- Court: Court of Appeal of England and Wales
- Decided: 14 December 1874
- Citation: (1874-75) LR 10 Ch App 96

Court membership
- Judges sitting: Lord Cairns LC, Sir WM James LJ and Sir G Mellish LJ

= Parker v McKenna =

Parker v McKenna (1874–75) LR 10 Ch App 96 is a UK company law case, concerning the rule against having any conflict of interest.

==Facts==
Mr McKenna was one of four directors of the National Bank of Ireland, a joint stock bank. In 1864 resolutions were passed to increase the capital by issuing 20,000 £50 shares. They were to be offered to old shareholders first according to how many they already held, for a £25 premium and £5 as a first call. Any not bought would be sold by directors at a £30 premium. The directors allotted 9778 shares to a Mr Stock, who paid only £5 a share. It was arranged that the certificates would be withheld, the bank had a lien on the shares for the premiums and no transfer could be made till £30 was paid up. He then said he could not take so many and asked the directors to relieve him. They took many at £30 a share, and then sold them on at a profit. The £30 per share was always paid to the bank.

==Judgment==
Lord Cairns LC, Sir WM James LJ and Sir G Mellish LJ held that the directors had to account for all profits made through the sale of the shares.

James LJ made this famous statement:

I desire to add but little to what the Lord Chancellor has said. I do not think it is necessary, but it appears to me very important, that we should concur in laying down again and again the general principle that in this Court no agent in the course of his agency, in the matter of his agency, can be allowed to make any profit without the knowledge and consent of his principal; that that rule is an inflexible rule, and must be applied inexorably by this Court, which is not entitled, in my judgment, to receive evidence, or suggestion, or argument as to whether the principal did or did not suffer any injury in fact by reason of the dealing of the agent; for the safety of mankind requires that no agent shall be able to put his principal to the danger of such an inquiry as that.

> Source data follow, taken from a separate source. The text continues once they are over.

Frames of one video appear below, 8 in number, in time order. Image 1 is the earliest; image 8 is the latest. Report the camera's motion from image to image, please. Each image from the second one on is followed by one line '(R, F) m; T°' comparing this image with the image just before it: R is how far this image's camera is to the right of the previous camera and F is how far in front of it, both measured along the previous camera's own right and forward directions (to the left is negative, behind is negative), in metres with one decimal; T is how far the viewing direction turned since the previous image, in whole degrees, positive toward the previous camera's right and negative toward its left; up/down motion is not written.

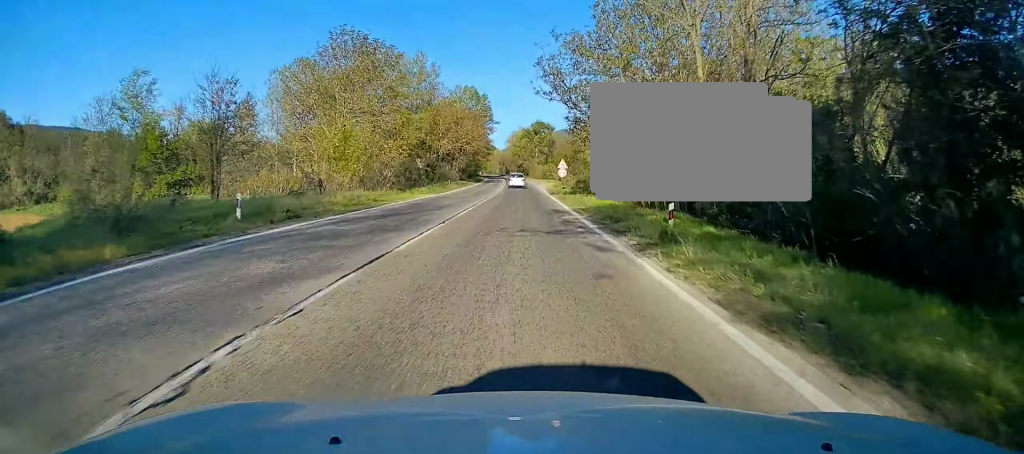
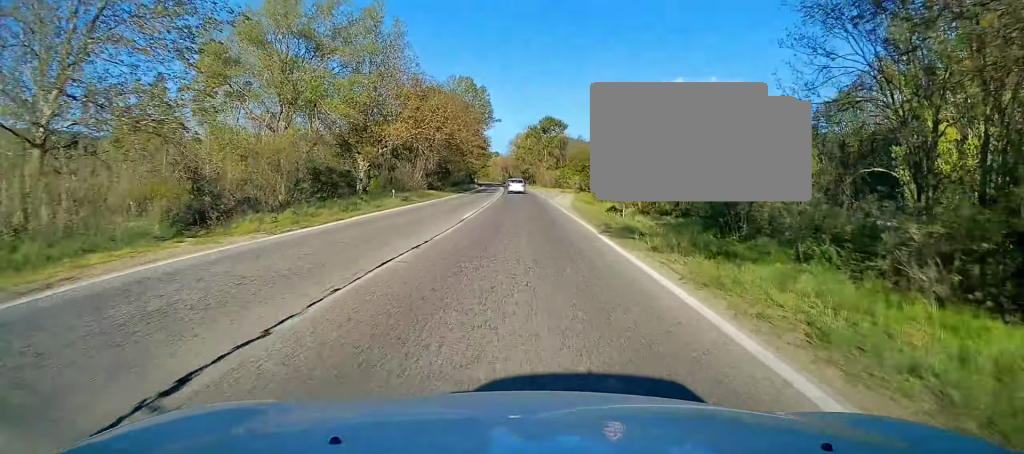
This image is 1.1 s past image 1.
(0.0, +33.3) m; 0°
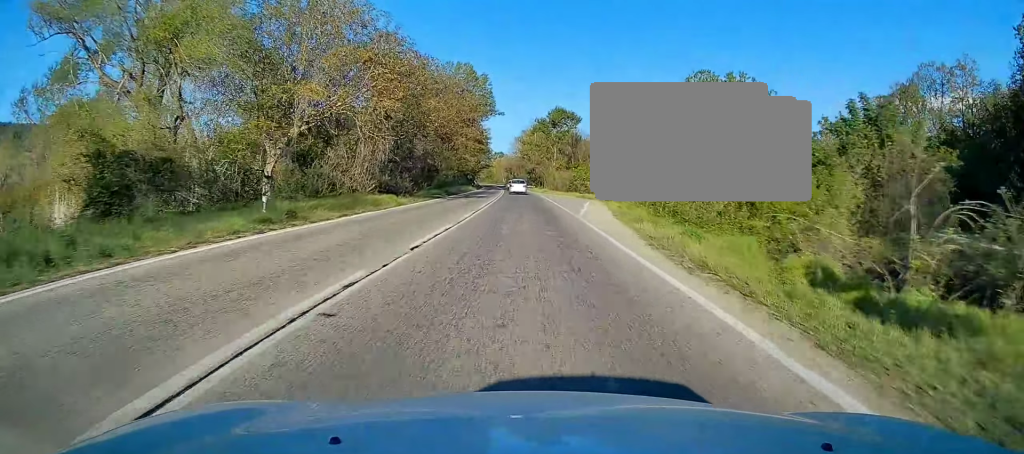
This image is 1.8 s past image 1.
(+0.1, +20.9) m; 0°
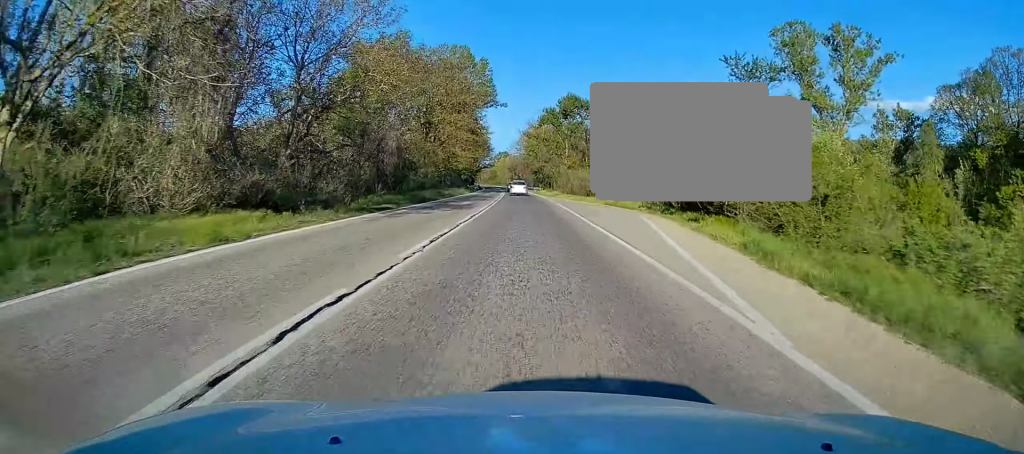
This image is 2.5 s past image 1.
(0.0, +19.9) m; 0°
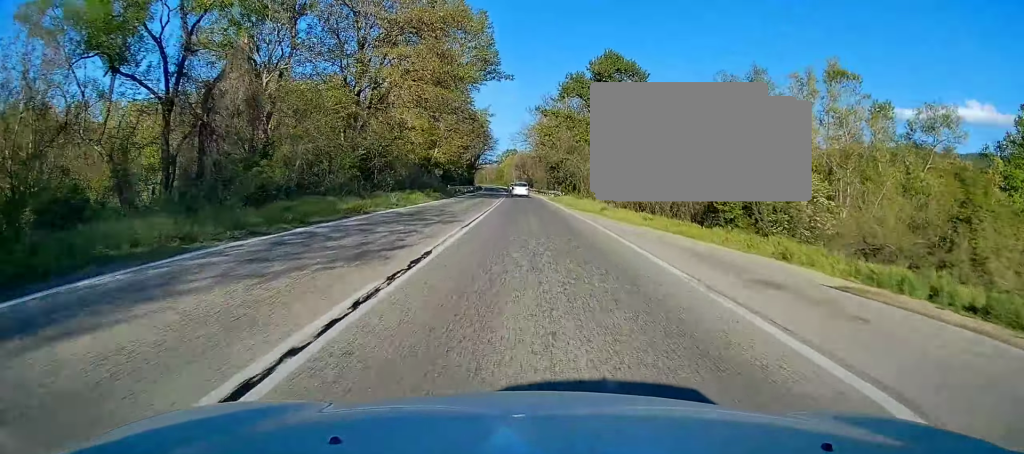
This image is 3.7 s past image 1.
(-0.3, +35.6) m; -1°
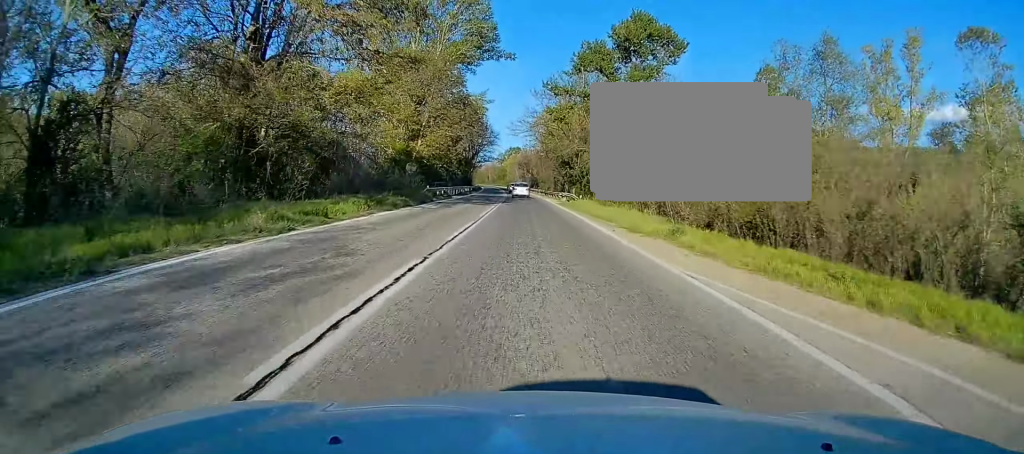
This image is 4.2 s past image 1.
(0.0, +15.8) m; -1°
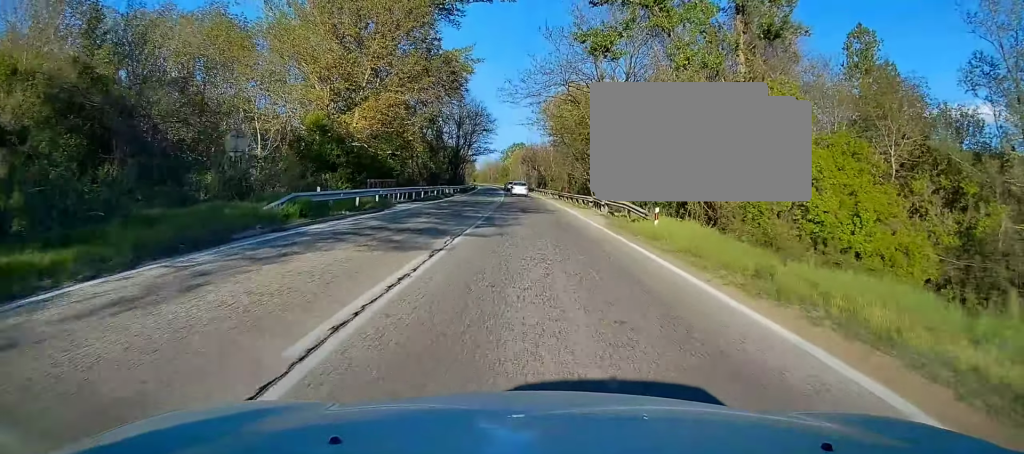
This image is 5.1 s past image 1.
(-0.5, +26.8) m; 0°
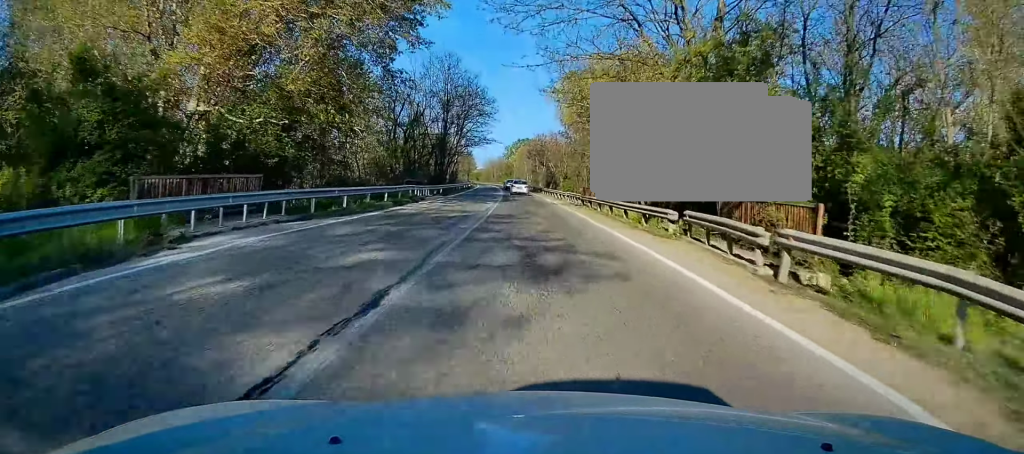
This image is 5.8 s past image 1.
(+0.3, +20.9) m; 0°

There is, however, on the other side a general principle as to the costs of the suit. It is not because a person has made himself liable to proceedings in equity or proceedings at law that the adverse litigant is entitled to make the Court the place, and the proceedings of the Court the means, by which personal spite or party hostility is enabled to indulge itself in unfounded aspersions upon character. In my opinion that has been done here. Unfounded aspersions have been wantonly and recklessly made, and the consequence of that is that this Court is obliged to give effect to what it has so often said it would do—make persons so dealing with the proceedings of this Court pay, and pay fully, in costs for it. I am of opinion, therefore, that the Plaintiff must pay the costs of so much of the proceedings as the Lord Chancellor has pointed out, and that he has so mixed that up with the rest of the suit that he has forfeited, in my opinion, his title to the costs which he otherwise would have been entitled to receive. I am of opinion, therefore, that the decree proposed by the Lord Chancellor is right in both those respects.

I also say for myself that I agree in what has been said with regard to the dealings with the Fox shares, that I could not satisfactorily to my own mind have disposed of that part of the case upon the materials before us.